> Input:
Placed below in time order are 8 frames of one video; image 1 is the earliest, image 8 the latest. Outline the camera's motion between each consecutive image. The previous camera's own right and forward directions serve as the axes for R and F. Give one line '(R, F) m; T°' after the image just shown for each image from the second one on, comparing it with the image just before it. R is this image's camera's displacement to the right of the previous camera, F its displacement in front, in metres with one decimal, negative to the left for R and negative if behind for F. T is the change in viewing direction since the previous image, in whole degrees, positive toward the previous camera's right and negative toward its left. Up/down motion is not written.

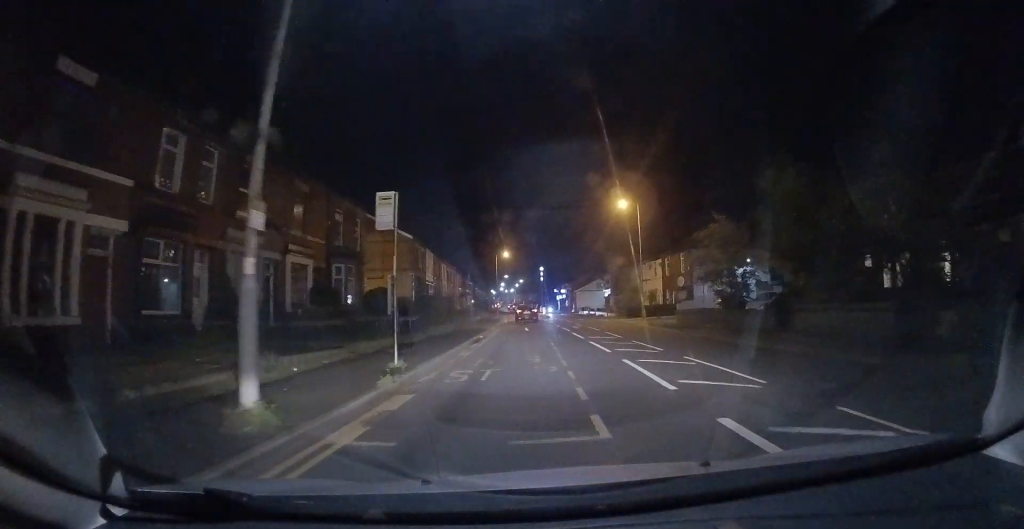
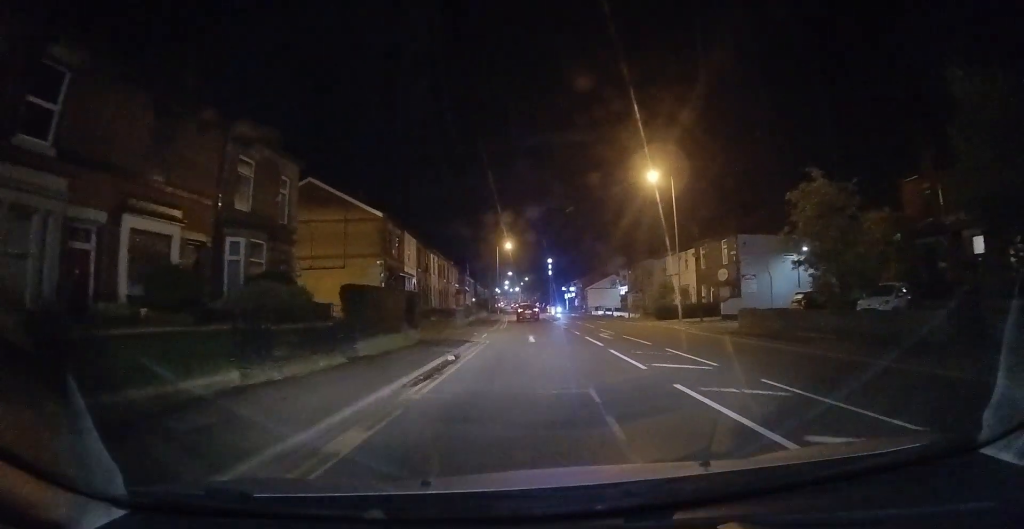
(-0.2, +10.1) m; -1°
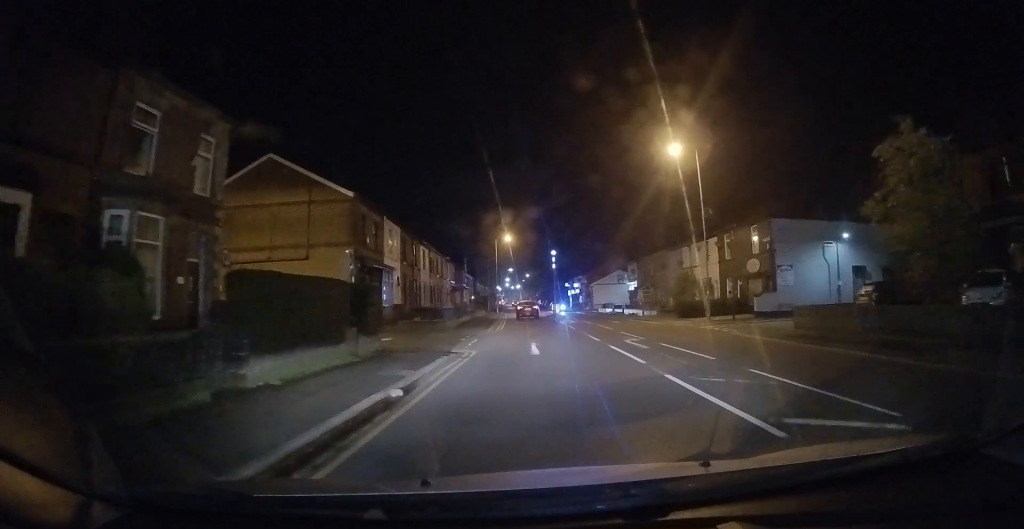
(0.0, +5.7) m; 0°
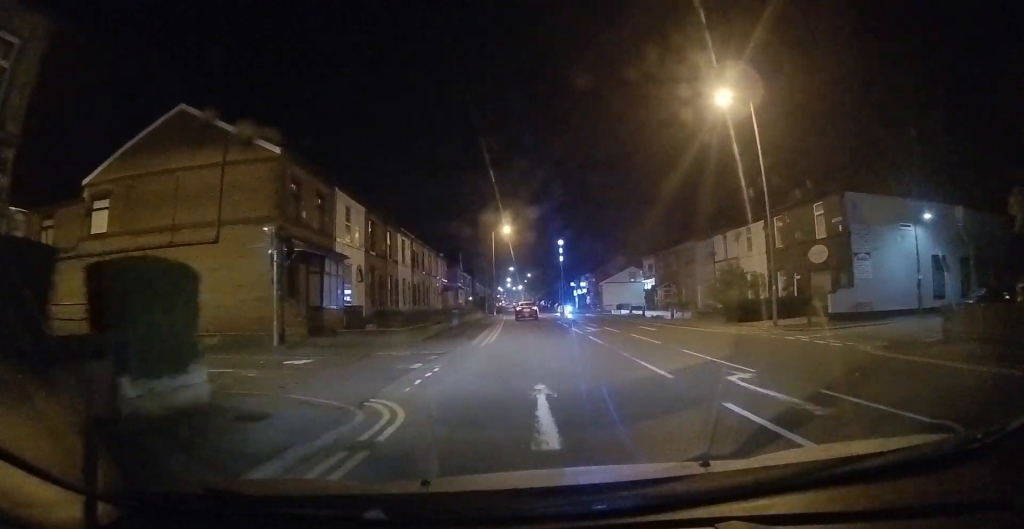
(+0.1, +8.6) m; 0°
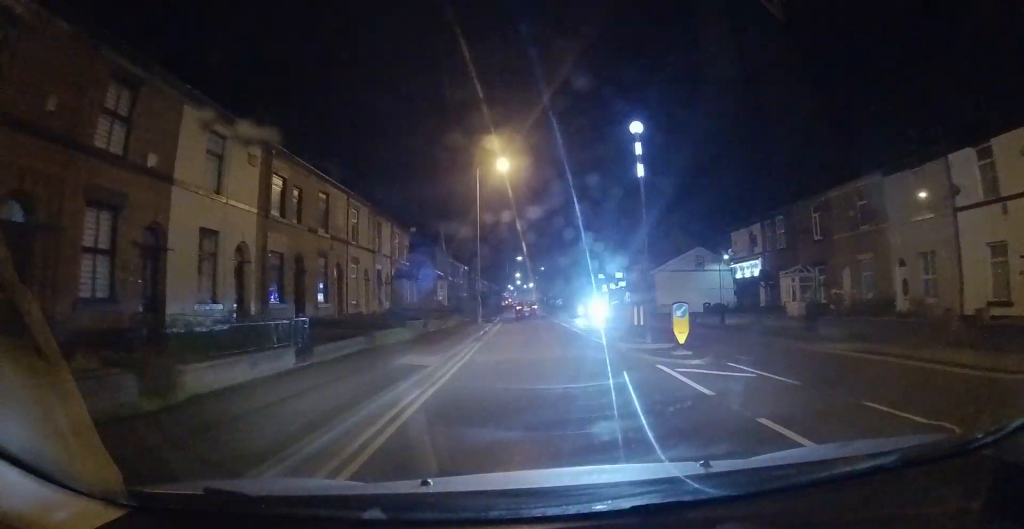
(-0.5, +26.7) m; -2°
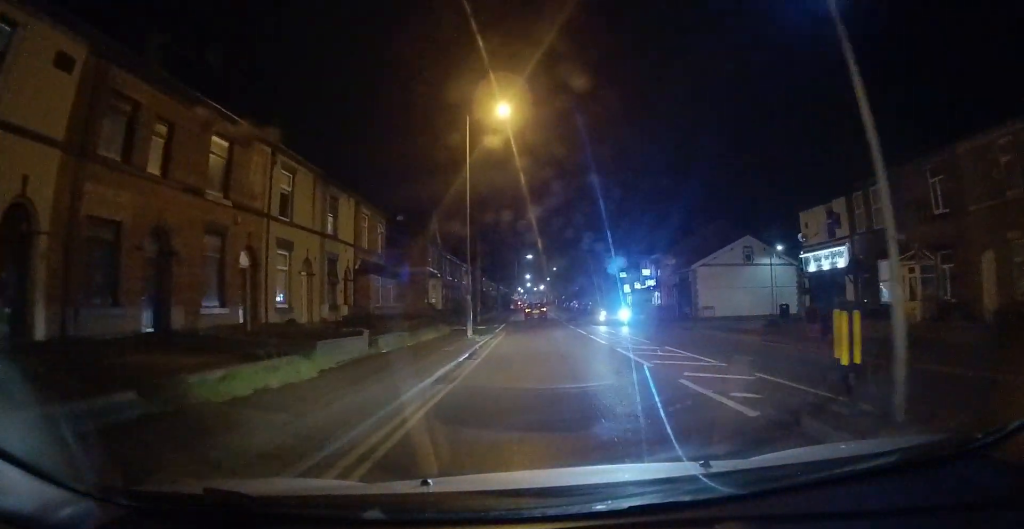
(0.0, +9.6) m; 0°
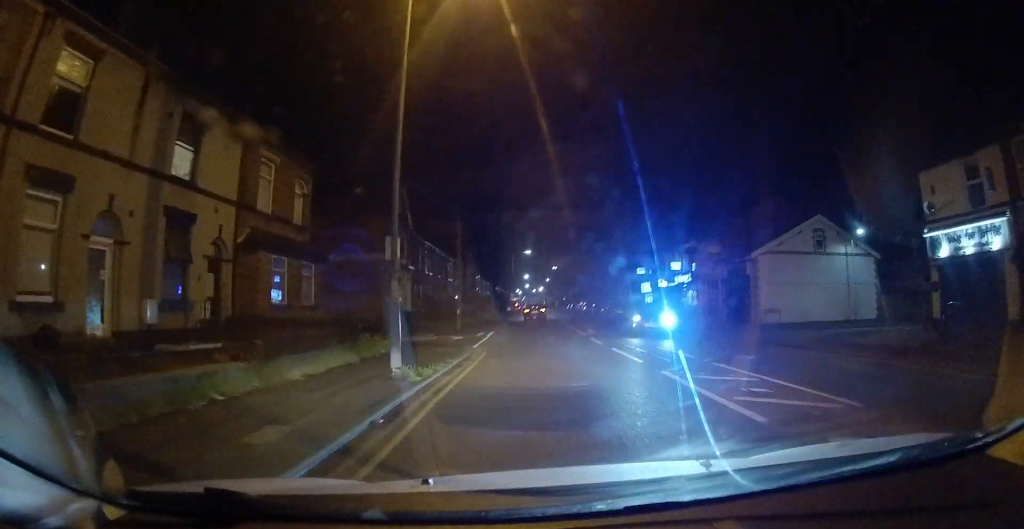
(+0.1, +11.5) m; -1°
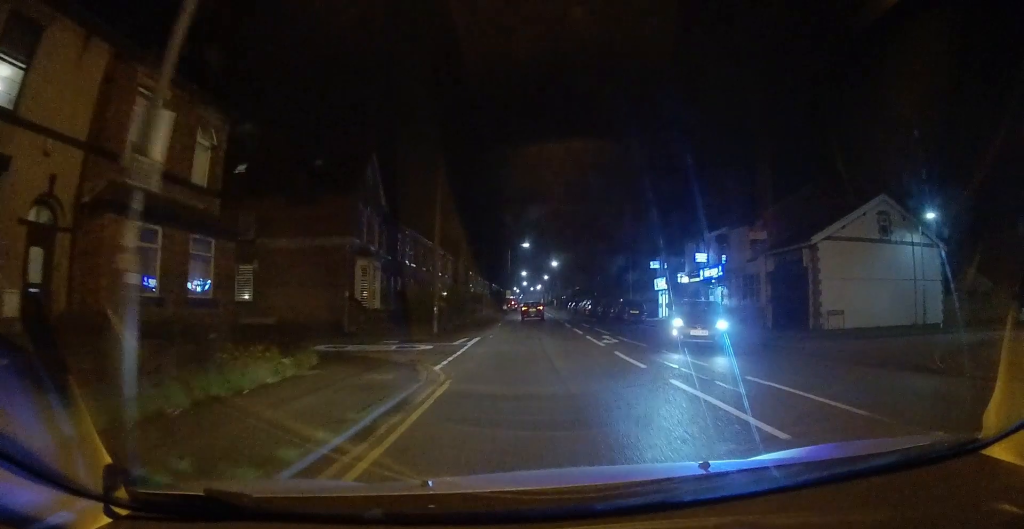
(0.0, +6.6) m; -2°

> About this exercise:
Leave the pictures aside and give every entry above again word for word.

> Solved exercise:
Placed below in time order are 8 frames of one video; image 1 is the earliest, image 8 the latest. Outline the camera's motion between each consecutive image. The previous camera's own right and forward directions serve as the axes for R and F. Give one line '(R, F) m; T°' after the image just shown for each image from the second one on, comparing it with the image just before it. R is this image's camera's displacement to the right of the previous camera, F its displacement in front, in metres with one decimal, negative to the left for R and negative if behind for F. T is the change in viewing direction since the previous image, in whole degrees, positive toward the previous camera's right and negative toward its left. Up/down motion is not written.

(-0.2, +10.1) m; -1°
(0.0, +5.7) m; 0°
(+0.1, +8.6) m; 0°
(-0.5, +26.7) m; -2°
(0.0, +9.6) m; 0°
(+0.1, +11.5) m; -1°
(0.0, +6.6) m; -2°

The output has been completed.